On Fri, 15 Jul 2016, Michal Hocko wrote:

> On Thu 14-07-16 13:38:42, David Rientjes wrote:
> > On Thu, 14 Jul 2016, Michal Hocko wrote:
> >
> > > > It prevents the whole system from livelocking due to an oom killed process
> > > > stalling forever waiting for mempool_alloc() to return. No other threads
> > > > may be oom killed while waiting for it to exit.
> > >
> > > But it is true that the patch has unintended side effect for any mempool
> > > allocation from the reclaim path (aka PF_MEMALLOC context).
> >
> > If PF_MEMALLOC context is allocating too much memory reserves, then I'd
> > argue that is a problem independent of using mempool_alloc() since
> > mempool_alloc() can evolve directly into a call to the page allocator.
> > How does such a process guarantee that it cannot deplete memory reserves
> > with a simple call to the page allocator?

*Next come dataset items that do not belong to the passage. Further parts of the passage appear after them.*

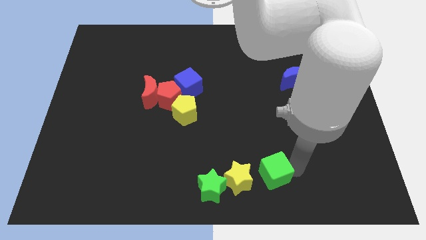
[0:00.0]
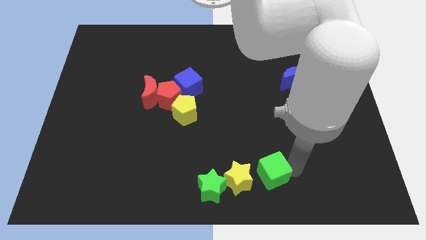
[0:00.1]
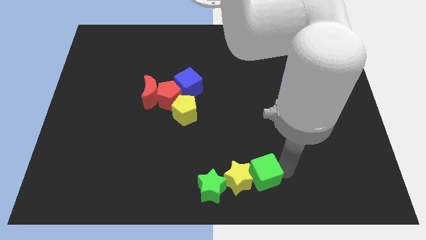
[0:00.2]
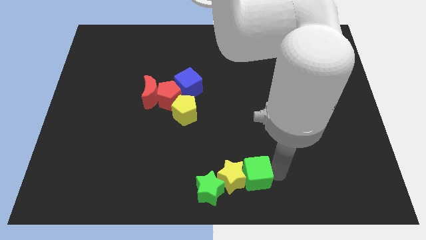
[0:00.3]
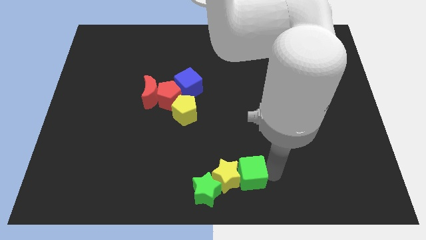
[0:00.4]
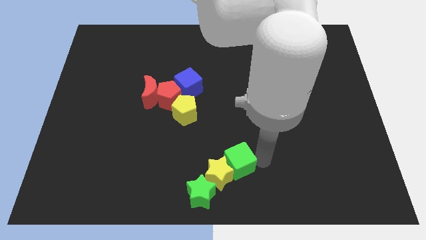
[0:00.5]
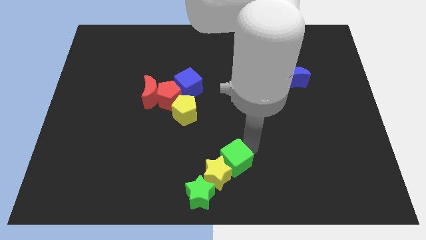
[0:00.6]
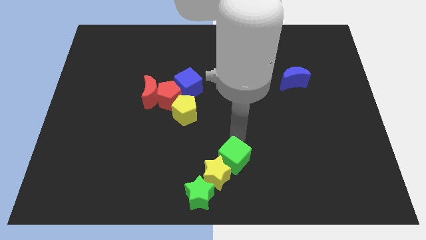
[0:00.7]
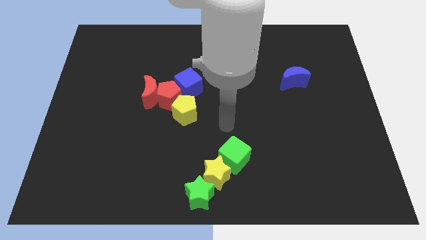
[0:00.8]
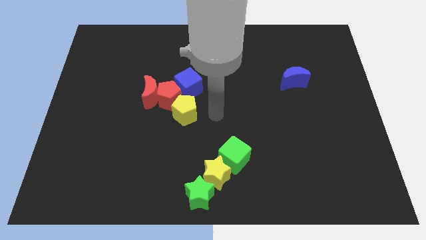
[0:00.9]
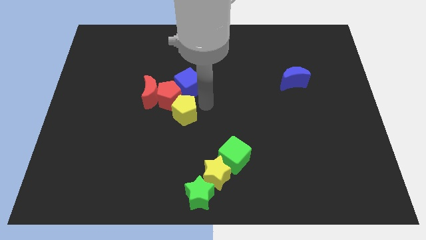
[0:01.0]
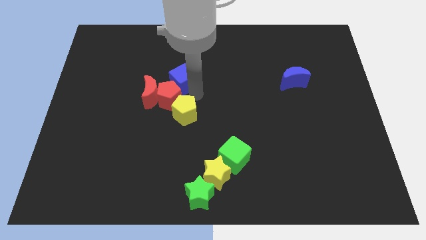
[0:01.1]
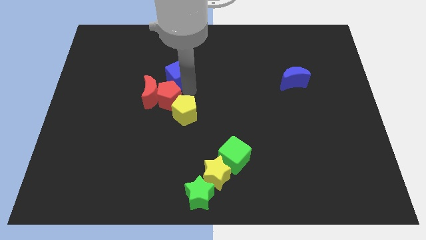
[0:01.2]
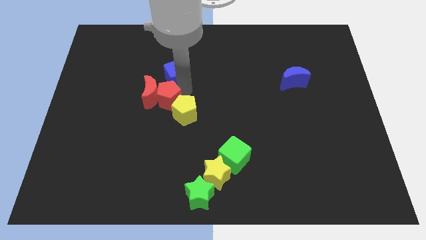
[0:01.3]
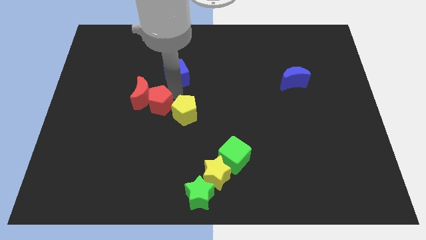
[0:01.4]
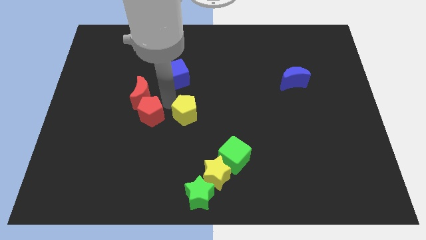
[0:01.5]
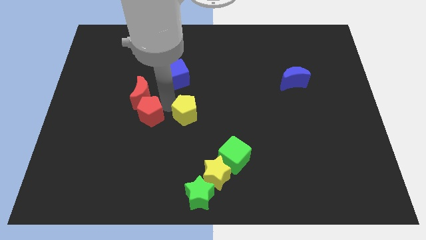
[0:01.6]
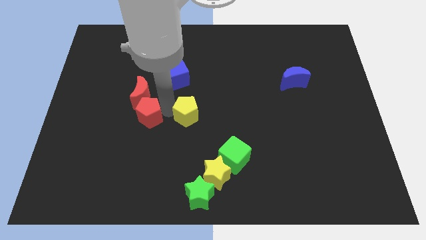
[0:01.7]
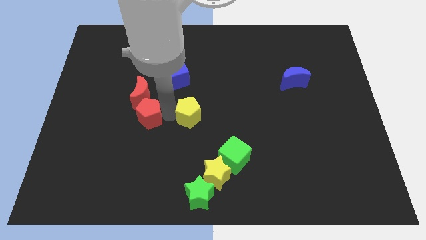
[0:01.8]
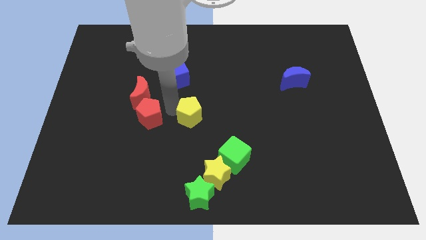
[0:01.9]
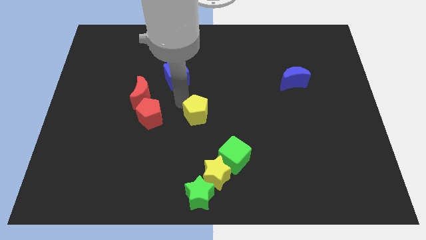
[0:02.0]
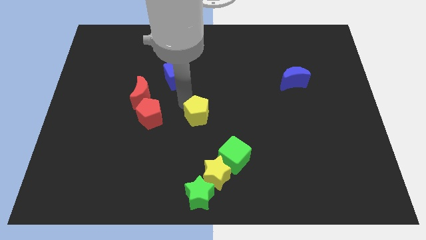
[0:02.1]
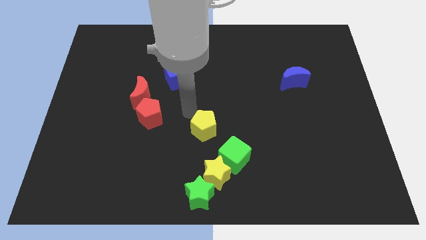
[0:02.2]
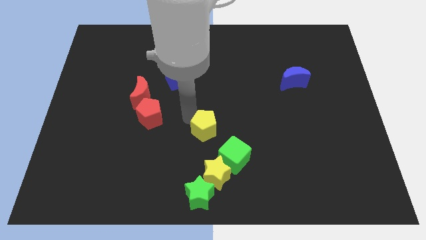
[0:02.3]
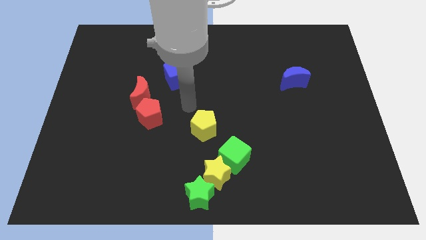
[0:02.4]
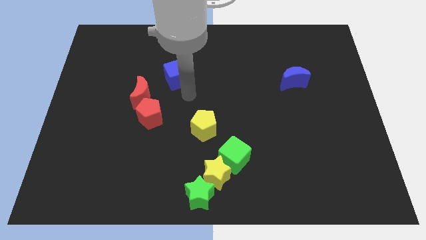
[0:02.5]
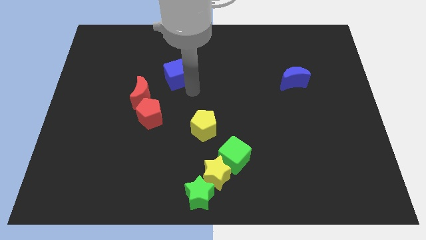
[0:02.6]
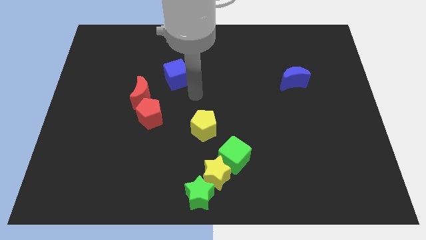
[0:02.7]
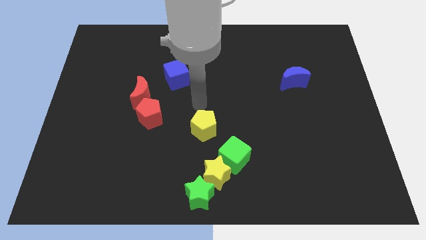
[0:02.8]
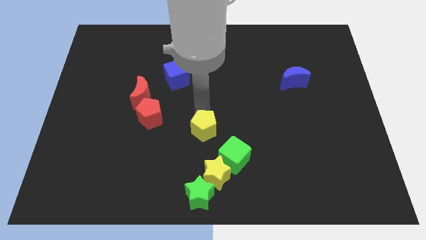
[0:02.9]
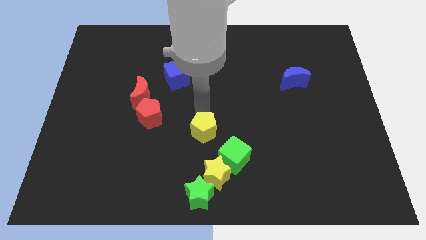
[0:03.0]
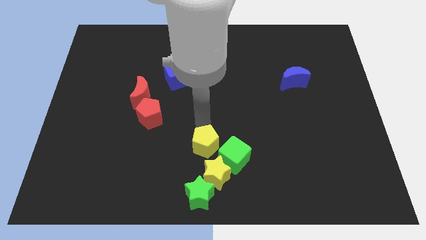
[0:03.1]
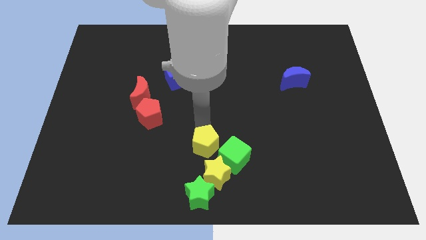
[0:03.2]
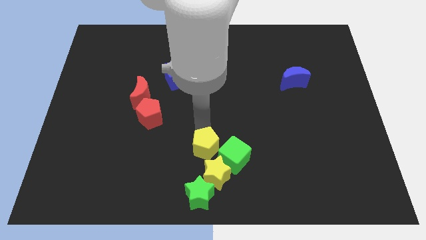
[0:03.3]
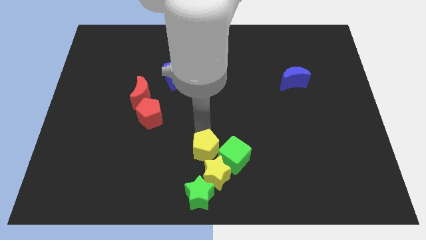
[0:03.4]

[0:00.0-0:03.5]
push yellow pentagon beside of the green cube

Since nothing in the page
> > allocator is preventing complete depletion of reserves (it simply uses
> > ALLOC_NO_WATERMARKS), the caller in a PF_MEMALLOC context must be
> > responsible.

Well-written drivers should use mempools and not allocate pages directly
from the allocator. These drivers can proceed even if there is no memory
available.

Badly written drivers (loop block device; swapping to NFS) are prone to
deadlock anyway - there is no easy way to fix it.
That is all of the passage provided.